The Origin and Development of Eurythmy 1918–1920

GA 277b — 16 September 1919, Berlin

22. Eurythmy Performance

Goethe attempts to penetrate from the knowledge and awareness of the dead to the knowledge and awareness of the living. He asserts the power of observation over theory. The individual leaf is the whole plant, the plant is only the complicated elaboration of the individual limb. This can be applied again to the human being, who is only one limb of the whole world. We produce speech through our larynx, and it is received through the ear. But it is also possible to observe these movements with supersensible organs. These are artistic movements that can be seen when speaking. And these movements can be transferred to the whole human being, to the whole moving human being, who reveals the movements that otherwise underlie the larynx and its neighboring organs: speech that has become visible. The joy, suffering, etc. that resonates through the soul when speaking can be transferred to groups and expressed there.

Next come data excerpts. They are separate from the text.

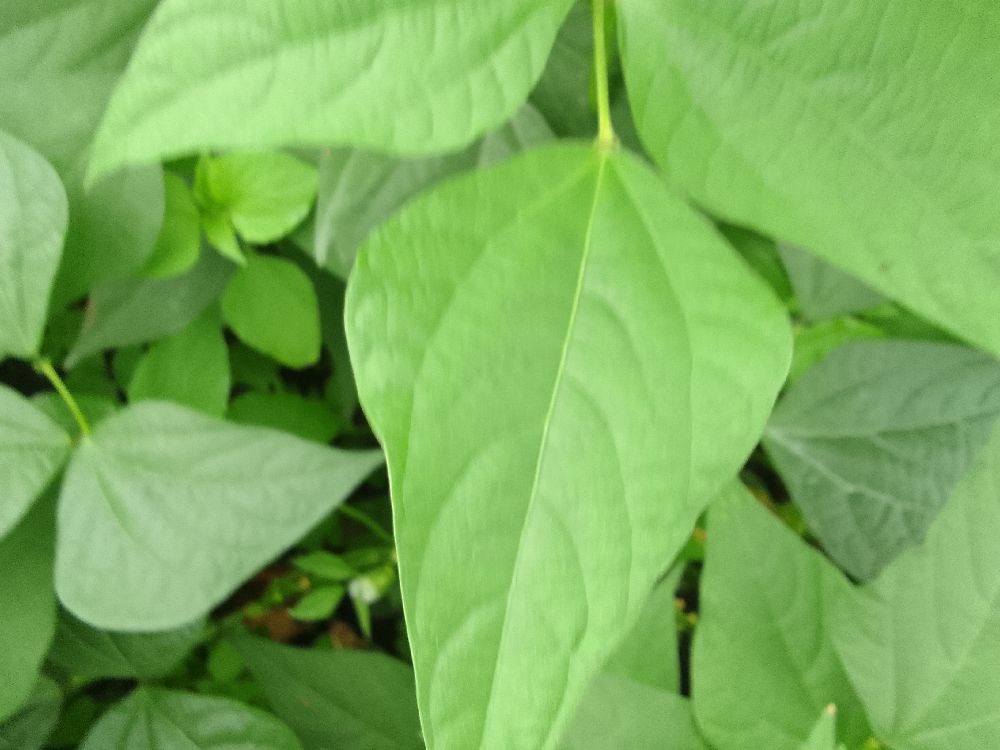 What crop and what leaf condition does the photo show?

common bean, healthy
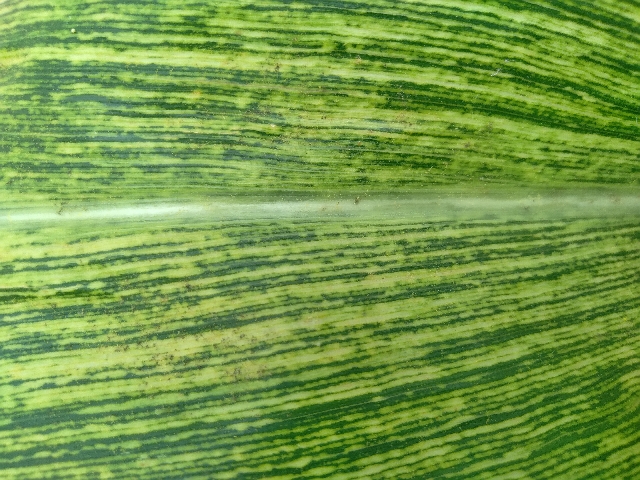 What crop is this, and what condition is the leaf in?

maize, maize streak virus
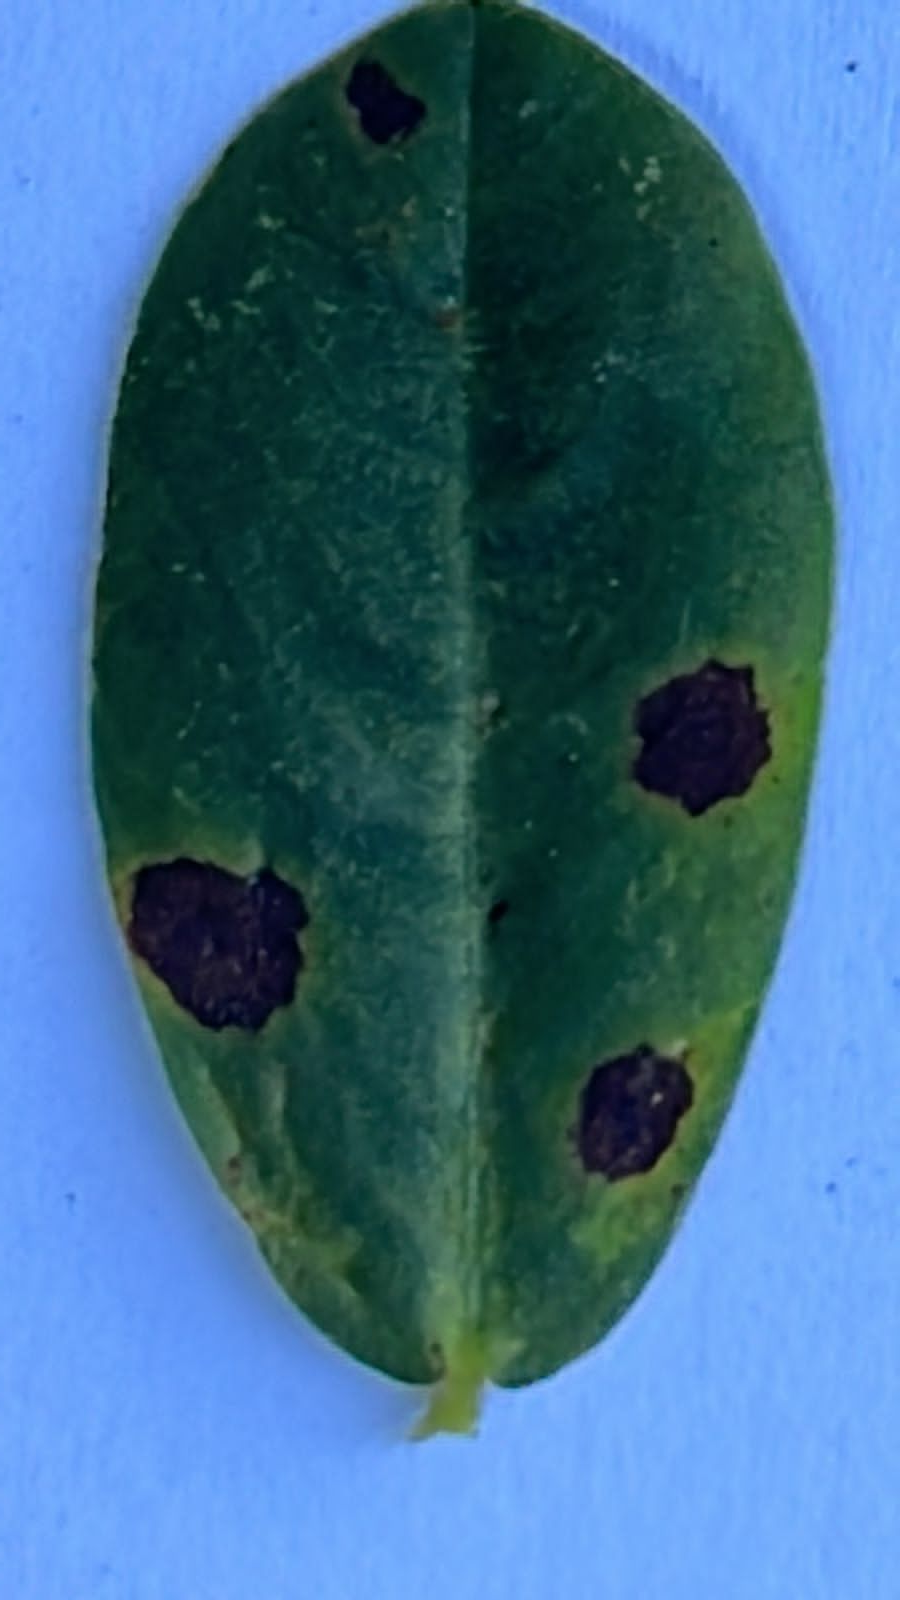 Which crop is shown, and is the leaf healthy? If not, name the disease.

peanut, nothapassalora personata
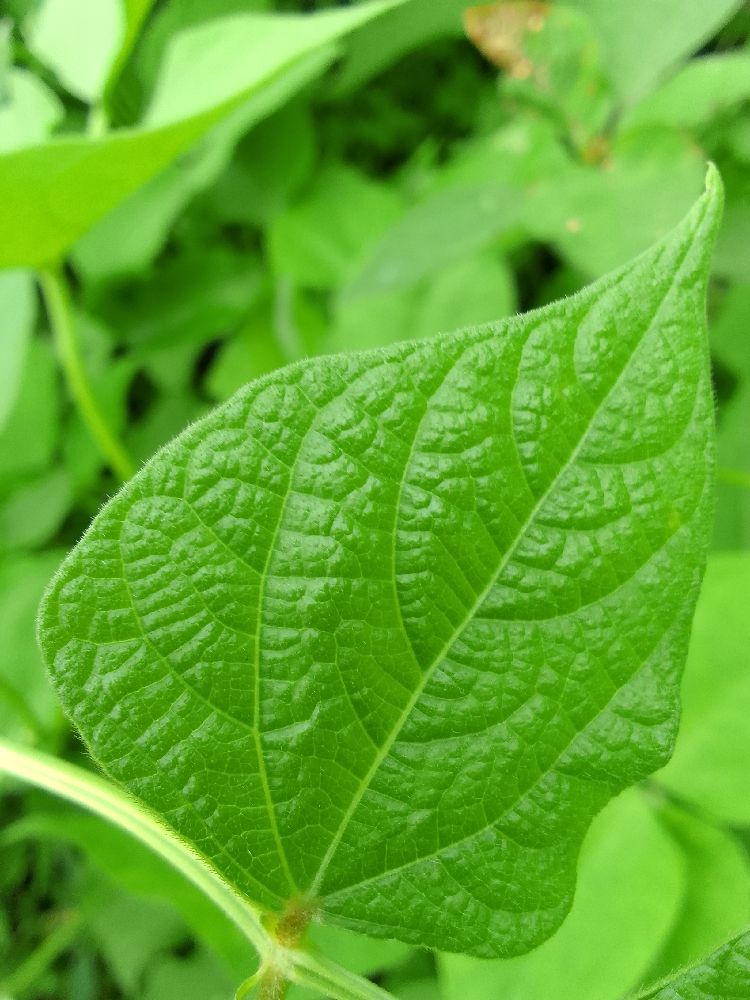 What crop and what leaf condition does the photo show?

common bean, healthy
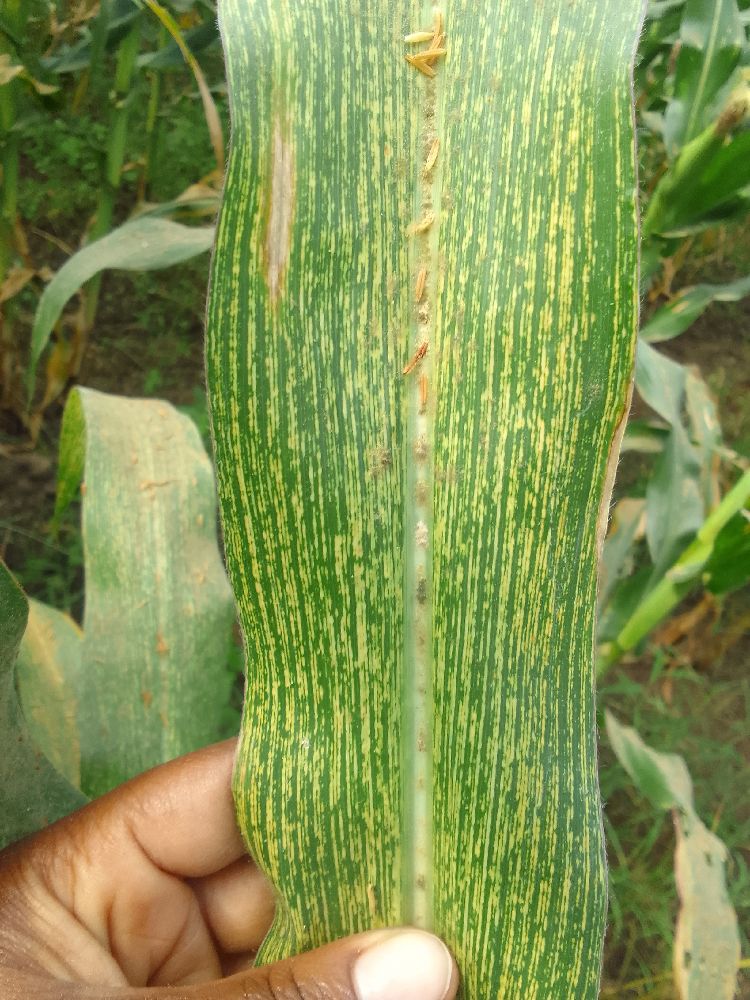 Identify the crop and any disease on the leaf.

maize, maize streak virus
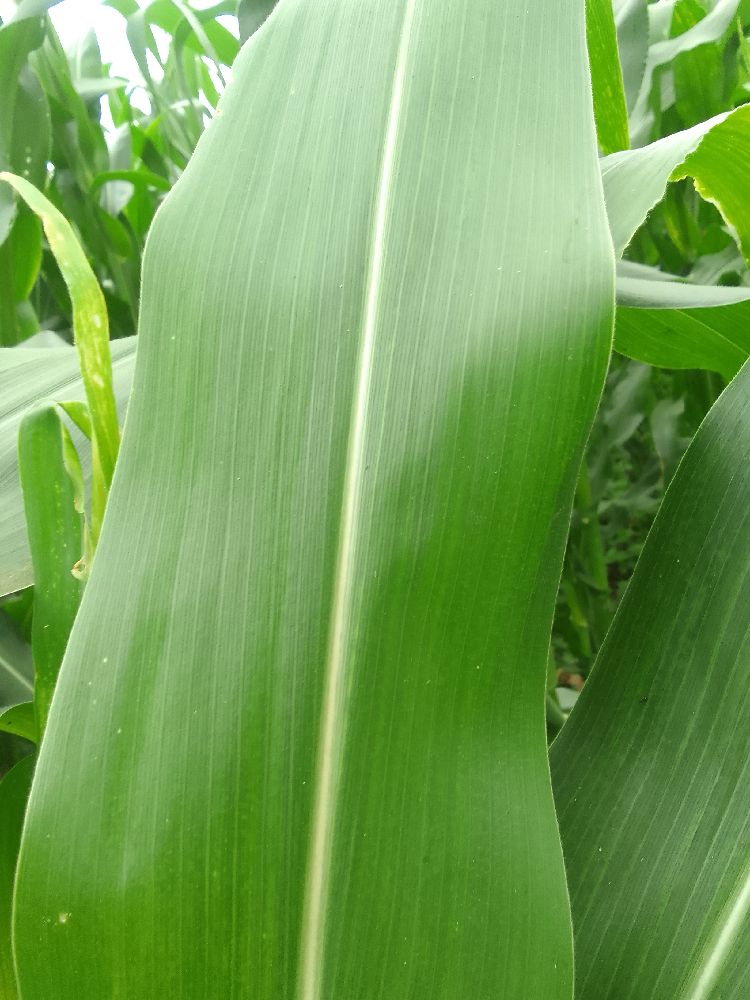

In eurythmy, it is the sequence of movements that is important – just as it is the sequence of tones in music.

If one and the same poem were to be presented in two different ways, it would only be presented in an individually different way to the extent that a Beethoven sonata is performed differently by a particular player in two different places. There is nothing arbitrary about this art of movement; everything follows laws, rhythm, harmony and so on. The content of the poem is only one opportunity, like rhythm, to bring out the artistic side. With Schiller, for example, it was not the content of a poem that came first, but in his play something musical, rhythmic trembled, and only then did it become poetry. Goethe rehearsed 'Iphigenia' with the baton with the performing artists.

It is particularly appealing when a person not only creates works of art but also turns themselves into a work of art. This is how eurythmy is to be understood.